My last post on the Census Maps got as far as running a simple comparison of every combination of every possible map at LSOA level to obtain a similarity metric. There are 2,558 possible variables that can be mapped, so my dataset contains 6,543,364 lines. I’ve used the graph from the last post to set a cut off of 20 (in RGB units) to select only the closest matches. As the metric I’m using is distance in RGB space, it’s actually a dissimilarity metric, so 0 to 20 gives me about 4.5% of the top matches, resulting in 295,882 lines. Using an additional piece of code I can link this data back to the plain text description of the table and field so I can start to analyse it.
The first thing I noticed in the data is that all my rows are in pairs. A matches with B in the same way that B matches with A and I forgot that the results matrix only needs to be triangular, so I’ve got twice as much data as I actually needed. The second thing I noticed was that most of the data relates to Ethnic Group, Language and Country of Birth or Nationality. The top of my data looks like the following:
0.1336189 | QS211EW0094 | QS211EW0148 | (Ethnic Group (detailed)) Mixed/multiple ethnic group: Israeli AND (Ethnic Group (detailed)) Asian/Asian British: Italian |
0.1546012 | QS211EW0178 | QS211EW0204 | (Ethnic Group (detailed)) Black/African/Caribbean/Black British: Black European AND (Ethnic Group (detailed)) Other ethnic group: Australian/New Zealander |
0.1546012 | QS211EW0204 | QS211EW0178 | (Ethnic Group (detailed)) Other ethnic group: Australian/New Zealander AND (Ethnic Group (detailed)) Black/African/Caribbean/Black British: Black European |
0.1710527 | QS211EW0050 | QS211EW0030 | (Ethnic Group (detailed)) White: Somalilander AND (Ethnic Group (detailed)) White: Kashmiri |
0.1883012 | QS203EW0073 | QS211EW0113 | (Country of Birth (detailed)) Antarctica and Oceania: Antarctica AND (Ethnic Group (detailed)) Mixed/multiple ethnic group: Peruvian |
0.1883012 | QS211EW0113 | QS203EW0073 | (Ethnic Group (detailed)) Mixed/multiple ethnic group: Peruvian AND (Country of Birth (detailed)) Antarctica and Oceania: Antarctica |
0.1889113 | QS211EW0170 | QS211EW0242 | (Ethnic Group (detailed)) Asian/Asian British: Turkish Cypriot AND (Ethnic Group (detailed)) Other ethnic group: Punjabi |
0.1925942 | QS211EW0133 | KS201EW0011 | (Ethnic Group (detailed)) Asian/Asian British: Pakistani or British Pakistani AND (Ethnic Group) Asian/Asian British: Pakistani |
The data has had the leading diagonal removed so there are no matches between datasets and themselves. The columns show match value (0.133), first column code (QS211EW0094), second column code (QS211EW0148) and finally the plain text description. This takes the form of the Census Table in brackets (Ethnic Group (Detailed)), the column description (Mixed/multiple ethnic group: Israeli), then “AND” followed by the same format for the second table and field being matched against.

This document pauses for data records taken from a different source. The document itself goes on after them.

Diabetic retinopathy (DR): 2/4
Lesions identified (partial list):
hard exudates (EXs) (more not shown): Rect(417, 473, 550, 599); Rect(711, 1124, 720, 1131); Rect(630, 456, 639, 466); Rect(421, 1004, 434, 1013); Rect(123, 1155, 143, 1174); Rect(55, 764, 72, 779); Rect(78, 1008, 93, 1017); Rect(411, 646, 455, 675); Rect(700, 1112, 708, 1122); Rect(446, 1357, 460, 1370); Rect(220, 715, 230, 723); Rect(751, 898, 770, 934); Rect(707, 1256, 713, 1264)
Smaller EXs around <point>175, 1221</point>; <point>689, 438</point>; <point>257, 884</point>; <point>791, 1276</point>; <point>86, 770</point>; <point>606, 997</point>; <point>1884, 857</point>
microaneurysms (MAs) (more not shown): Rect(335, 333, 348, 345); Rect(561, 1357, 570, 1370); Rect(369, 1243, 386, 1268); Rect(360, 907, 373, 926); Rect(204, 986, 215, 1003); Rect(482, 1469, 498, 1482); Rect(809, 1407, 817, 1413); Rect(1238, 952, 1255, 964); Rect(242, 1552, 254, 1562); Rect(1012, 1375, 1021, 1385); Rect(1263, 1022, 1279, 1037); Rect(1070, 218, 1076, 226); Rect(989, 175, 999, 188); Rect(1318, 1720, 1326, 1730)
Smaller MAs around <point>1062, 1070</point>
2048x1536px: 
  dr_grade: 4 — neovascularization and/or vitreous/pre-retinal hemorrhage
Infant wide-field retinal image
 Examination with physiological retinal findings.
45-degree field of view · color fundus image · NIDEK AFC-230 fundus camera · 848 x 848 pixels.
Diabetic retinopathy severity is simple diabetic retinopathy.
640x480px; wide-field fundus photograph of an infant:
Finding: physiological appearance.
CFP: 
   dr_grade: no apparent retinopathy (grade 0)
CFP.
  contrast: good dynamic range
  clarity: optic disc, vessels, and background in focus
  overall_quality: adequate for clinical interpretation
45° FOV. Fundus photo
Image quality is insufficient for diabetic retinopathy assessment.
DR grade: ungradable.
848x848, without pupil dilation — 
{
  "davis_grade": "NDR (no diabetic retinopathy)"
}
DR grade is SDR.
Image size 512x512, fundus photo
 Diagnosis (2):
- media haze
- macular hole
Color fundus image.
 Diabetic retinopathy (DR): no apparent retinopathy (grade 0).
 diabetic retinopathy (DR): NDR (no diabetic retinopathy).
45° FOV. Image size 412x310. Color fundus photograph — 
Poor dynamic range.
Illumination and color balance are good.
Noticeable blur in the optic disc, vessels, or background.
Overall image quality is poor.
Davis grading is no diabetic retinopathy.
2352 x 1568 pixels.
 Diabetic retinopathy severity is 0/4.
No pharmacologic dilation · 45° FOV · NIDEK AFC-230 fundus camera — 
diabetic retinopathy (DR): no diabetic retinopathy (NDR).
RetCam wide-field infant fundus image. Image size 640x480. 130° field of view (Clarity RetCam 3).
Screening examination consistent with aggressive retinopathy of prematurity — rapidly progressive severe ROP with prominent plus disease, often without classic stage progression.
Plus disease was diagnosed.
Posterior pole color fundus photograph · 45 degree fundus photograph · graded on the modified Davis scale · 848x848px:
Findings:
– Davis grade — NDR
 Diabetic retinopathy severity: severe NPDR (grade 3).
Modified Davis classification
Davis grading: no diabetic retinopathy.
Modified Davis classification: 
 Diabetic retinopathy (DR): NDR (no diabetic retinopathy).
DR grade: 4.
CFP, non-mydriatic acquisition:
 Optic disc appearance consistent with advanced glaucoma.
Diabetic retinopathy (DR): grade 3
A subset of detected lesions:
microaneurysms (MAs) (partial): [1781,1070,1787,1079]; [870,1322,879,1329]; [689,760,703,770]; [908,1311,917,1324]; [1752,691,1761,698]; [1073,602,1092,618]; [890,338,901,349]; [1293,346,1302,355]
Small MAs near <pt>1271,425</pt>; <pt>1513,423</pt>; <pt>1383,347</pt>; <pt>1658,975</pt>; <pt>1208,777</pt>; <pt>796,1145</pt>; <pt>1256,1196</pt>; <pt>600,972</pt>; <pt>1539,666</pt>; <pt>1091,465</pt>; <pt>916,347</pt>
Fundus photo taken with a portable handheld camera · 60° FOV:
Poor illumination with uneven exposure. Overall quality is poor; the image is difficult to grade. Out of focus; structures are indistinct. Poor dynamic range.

It probably makes sense that the highest matches are ethnicity, country of birth, religion and language as there is a definite causal relationship between all these things. The data also picks out groupings between pairs of ethnic groups and nationalities who tend to reside in the same areas. Some of these are surprising, so there must be a case for extracting all the nationality links and producing a graph visualisation of the relationships.
There are also some obvious problems with the data which you can see by looking at the last line of the table above: British Pakistani matches with British Pakistani. No surprise there, but it does highlight the fact that there are a lot of overlaps between columns in different data tables containing identical, or very similar data. At the moment I’m not sure how to remove this, but it needs some kind of equivalence lookup. This also occurs at least once on every table as there is always a total count column that matches with population density:
0.2201077 | QS101EW0001 | KS202EW0021 | (Residence Type) All categories: Residence type AND (National Identity) All categories: National identity British |
These two columns are just the total counts for the QS101 and KS202 tables, so they’re both maps of population. Heuristic number one is: remove anything containing “All categories” in both descriptions.
On the basis of this, it’s probably worth looking at the mid-range data rather than the exact matches as this is where it starts to get interesting:
10.82747 | KS605EW0020 | KS401EW0008 | (Industry) A Agriculture, forestry and fishing AND (Dwellings, Household Spaces and Accomodation Type) Whole house or bungalow: Detached |
10.8299 | QS203EW0078 | QS402EW0012 | (Country of Birth (detailed)) Other AND (Accomodation Type – Households) Shared dwelling |
To sum up, there is a lot more of this data than I was expecting, and my method of matching is rather naive. The next iteration of the data processing is going to have to work a lot harder to remove more of the trivial matches between two sets of data that are the same thing. I also want to see some maps so I can explore the data.